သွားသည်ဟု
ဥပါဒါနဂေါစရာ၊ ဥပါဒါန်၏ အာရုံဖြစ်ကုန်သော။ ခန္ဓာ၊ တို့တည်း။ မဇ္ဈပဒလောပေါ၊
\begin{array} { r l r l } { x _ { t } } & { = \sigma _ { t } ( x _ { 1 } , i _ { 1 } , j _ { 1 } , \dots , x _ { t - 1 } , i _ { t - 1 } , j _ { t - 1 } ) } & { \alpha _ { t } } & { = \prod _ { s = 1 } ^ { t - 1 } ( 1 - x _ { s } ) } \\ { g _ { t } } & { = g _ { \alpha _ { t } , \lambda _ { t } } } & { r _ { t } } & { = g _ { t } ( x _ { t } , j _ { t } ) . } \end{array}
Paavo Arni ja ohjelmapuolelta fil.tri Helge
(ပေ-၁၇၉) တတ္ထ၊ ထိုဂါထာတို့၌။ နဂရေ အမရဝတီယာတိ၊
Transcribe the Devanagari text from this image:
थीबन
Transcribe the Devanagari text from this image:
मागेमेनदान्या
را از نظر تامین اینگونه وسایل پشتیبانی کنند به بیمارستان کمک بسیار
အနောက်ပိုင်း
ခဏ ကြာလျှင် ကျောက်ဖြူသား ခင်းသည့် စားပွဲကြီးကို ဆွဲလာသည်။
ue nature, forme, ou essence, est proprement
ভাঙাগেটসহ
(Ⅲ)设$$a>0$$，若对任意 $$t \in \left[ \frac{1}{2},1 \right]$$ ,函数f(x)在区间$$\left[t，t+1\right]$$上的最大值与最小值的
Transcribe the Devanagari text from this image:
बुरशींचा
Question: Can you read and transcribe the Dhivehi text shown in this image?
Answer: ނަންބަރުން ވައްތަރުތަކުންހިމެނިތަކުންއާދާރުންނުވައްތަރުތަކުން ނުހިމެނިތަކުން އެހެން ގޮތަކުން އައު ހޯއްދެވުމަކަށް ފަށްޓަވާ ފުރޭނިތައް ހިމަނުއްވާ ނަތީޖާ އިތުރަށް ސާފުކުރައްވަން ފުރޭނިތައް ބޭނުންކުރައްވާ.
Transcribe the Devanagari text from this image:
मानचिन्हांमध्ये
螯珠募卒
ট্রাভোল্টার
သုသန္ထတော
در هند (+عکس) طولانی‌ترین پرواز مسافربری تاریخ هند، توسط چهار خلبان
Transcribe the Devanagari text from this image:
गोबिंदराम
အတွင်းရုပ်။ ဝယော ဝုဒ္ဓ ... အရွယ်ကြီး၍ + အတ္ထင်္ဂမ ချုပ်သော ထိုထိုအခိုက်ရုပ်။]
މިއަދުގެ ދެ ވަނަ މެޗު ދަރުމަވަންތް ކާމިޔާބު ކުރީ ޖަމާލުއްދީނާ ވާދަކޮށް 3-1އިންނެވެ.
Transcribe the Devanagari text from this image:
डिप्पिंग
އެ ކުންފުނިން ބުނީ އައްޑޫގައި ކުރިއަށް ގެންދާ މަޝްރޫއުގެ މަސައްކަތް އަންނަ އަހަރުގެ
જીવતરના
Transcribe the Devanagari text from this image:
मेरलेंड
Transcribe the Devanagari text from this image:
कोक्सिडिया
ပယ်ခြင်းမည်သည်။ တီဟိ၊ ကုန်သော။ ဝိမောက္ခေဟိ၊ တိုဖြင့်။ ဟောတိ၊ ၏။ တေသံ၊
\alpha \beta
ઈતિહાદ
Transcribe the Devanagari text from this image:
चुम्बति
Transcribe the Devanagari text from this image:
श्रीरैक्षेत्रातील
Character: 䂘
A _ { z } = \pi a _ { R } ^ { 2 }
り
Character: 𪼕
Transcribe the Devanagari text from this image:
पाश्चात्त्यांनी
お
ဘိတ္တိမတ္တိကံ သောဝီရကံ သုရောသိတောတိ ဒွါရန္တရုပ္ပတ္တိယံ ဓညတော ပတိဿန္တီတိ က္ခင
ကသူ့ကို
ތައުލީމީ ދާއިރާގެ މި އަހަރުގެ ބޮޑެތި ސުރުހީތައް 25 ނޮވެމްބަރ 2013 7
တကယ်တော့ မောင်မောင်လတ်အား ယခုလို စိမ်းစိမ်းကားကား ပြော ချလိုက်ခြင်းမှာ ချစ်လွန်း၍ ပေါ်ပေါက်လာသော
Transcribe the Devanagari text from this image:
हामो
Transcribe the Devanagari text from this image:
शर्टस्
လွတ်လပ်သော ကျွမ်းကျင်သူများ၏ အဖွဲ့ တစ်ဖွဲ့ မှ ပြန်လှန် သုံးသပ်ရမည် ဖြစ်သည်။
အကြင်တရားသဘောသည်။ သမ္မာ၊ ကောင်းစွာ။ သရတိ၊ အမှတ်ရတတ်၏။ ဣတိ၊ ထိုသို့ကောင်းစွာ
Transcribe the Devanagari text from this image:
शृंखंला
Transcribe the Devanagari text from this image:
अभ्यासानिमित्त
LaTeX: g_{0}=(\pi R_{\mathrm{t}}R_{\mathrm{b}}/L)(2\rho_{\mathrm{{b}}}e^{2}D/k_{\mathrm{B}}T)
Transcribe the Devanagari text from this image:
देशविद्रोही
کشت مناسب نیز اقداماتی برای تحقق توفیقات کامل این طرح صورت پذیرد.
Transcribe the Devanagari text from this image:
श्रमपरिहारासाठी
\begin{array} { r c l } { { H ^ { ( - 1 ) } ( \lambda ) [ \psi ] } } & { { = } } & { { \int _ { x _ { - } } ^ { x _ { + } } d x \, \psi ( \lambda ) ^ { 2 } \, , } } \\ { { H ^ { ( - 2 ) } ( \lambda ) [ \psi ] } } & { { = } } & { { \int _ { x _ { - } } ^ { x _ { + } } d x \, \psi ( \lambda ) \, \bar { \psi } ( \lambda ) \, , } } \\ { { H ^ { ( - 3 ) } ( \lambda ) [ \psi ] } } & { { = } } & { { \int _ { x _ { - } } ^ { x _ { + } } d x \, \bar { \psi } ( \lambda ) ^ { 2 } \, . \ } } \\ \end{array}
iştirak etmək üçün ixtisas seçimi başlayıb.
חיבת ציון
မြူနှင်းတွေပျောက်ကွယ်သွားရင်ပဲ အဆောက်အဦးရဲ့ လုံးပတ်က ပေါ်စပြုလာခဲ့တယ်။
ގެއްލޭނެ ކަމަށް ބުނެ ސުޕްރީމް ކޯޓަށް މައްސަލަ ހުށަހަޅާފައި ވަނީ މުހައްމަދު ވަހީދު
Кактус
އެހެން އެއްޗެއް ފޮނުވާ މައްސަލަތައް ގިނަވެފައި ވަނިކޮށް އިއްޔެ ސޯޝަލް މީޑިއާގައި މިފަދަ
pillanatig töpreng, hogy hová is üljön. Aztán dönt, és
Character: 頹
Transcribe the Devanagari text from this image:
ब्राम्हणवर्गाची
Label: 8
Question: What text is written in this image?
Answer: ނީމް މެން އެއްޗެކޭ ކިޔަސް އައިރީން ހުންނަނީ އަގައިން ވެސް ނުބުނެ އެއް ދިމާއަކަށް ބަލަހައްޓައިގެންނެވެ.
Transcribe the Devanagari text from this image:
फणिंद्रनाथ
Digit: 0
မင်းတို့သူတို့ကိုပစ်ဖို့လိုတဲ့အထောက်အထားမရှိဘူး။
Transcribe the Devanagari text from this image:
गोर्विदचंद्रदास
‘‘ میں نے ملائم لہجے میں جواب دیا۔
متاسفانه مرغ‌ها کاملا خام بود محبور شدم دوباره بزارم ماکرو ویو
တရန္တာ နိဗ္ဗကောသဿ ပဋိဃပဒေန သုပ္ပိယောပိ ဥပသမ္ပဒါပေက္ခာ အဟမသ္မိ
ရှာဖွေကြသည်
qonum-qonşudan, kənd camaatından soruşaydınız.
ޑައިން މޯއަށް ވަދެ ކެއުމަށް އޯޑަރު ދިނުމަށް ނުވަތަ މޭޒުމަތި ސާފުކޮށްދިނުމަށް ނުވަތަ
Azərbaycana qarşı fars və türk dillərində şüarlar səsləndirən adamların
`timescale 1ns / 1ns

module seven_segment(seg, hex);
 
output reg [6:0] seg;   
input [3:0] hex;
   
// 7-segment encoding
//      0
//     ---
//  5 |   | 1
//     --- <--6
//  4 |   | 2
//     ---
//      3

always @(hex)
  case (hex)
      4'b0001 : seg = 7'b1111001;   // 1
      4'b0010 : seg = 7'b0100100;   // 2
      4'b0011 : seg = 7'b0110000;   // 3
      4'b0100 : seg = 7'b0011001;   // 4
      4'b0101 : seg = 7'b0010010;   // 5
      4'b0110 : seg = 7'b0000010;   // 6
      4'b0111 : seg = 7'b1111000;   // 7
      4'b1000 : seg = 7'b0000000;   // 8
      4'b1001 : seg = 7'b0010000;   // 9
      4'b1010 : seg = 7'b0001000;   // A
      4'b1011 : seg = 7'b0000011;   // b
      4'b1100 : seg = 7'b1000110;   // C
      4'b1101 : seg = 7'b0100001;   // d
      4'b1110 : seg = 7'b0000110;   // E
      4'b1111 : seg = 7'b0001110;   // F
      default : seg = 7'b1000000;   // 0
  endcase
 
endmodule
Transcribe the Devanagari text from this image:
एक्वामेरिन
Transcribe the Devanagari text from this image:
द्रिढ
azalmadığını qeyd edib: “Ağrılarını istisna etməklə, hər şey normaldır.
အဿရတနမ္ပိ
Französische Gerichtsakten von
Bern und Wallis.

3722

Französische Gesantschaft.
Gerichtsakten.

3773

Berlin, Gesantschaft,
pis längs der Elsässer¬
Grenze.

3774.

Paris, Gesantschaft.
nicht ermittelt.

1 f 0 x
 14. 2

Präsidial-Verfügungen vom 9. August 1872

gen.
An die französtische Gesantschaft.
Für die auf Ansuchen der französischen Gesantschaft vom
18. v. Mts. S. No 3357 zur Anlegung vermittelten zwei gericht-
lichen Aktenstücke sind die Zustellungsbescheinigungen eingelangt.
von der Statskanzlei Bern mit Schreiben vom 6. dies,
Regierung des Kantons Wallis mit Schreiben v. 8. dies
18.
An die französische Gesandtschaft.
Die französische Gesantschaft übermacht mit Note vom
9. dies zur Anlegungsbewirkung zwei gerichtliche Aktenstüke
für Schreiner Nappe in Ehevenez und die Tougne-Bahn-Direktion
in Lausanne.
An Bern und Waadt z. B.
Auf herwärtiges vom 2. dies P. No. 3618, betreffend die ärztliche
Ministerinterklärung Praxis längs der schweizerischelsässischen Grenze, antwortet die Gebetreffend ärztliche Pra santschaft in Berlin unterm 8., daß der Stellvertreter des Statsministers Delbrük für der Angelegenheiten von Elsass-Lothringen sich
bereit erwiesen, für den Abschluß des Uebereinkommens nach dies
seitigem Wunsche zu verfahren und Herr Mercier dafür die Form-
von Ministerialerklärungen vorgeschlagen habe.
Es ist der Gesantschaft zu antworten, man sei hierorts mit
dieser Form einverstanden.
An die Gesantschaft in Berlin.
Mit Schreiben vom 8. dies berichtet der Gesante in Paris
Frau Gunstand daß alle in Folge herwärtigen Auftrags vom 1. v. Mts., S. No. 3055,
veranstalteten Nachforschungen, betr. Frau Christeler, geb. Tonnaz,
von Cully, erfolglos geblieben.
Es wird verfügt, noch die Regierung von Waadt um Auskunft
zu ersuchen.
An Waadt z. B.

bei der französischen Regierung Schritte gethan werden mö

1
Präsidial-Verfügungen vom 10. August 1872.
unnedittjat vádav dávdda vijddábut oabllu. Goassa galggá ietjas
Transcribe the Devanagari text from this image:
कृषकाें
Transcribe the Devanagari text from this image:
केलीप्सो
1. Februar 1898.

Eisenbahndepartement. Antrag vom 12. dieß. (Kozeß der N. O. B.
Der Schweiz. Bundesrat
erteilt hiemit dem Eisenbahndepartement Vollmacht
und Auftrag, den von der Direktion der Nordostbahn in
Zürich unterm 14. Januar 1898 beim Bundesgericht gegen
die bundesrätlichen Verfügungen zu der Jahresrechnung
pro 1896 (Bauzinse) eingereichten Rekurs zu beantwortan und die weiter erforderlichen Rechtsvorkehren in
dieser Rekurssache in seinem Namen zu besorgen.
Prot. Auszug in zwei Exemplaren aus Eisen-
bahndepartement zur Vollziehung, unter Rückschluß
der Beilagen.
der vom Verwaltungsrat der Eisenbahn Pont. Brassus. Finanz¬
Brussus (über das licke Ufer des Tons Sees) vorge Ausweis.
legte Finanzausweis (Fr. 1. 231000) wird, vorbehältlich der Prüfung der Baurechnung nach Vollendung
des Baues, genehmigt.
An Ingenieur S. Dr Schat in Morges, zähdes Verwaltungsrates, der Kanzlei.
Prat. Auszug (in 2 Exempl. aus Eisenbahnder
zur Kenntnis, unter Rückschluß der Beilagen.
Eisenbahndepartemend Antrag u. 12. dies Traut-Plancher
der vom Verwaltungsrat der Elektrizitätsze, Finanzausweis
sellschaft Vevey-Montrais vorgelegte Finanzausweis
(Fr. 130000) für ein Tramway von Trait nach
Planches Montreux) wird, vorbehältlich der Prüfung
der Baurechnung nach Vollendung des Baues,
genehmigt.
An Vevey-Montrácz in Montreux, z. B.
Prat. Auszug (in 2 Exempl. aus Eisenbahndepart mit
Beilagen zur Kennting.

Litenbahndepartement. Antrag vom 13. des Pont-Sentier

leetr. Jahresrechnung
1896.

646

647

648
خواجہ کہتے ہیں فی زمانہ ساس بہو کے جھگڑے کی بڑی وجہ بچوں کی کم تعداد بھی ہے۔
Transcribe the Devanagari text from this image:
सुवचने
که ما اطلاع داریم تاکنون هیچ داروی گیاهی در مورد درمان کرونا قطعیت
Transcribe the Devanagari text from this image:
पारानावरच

Aim of the task:
Go through the records above. Copy each line in which the string "Vollendung" appears.

Response to the task:
legte Finanzausweis (Fr. 1. 231000) wird, vorbehältlich der Prüfung der Baurechnung nach Vollendung
der Baurechnung nach Vollendung des Baues,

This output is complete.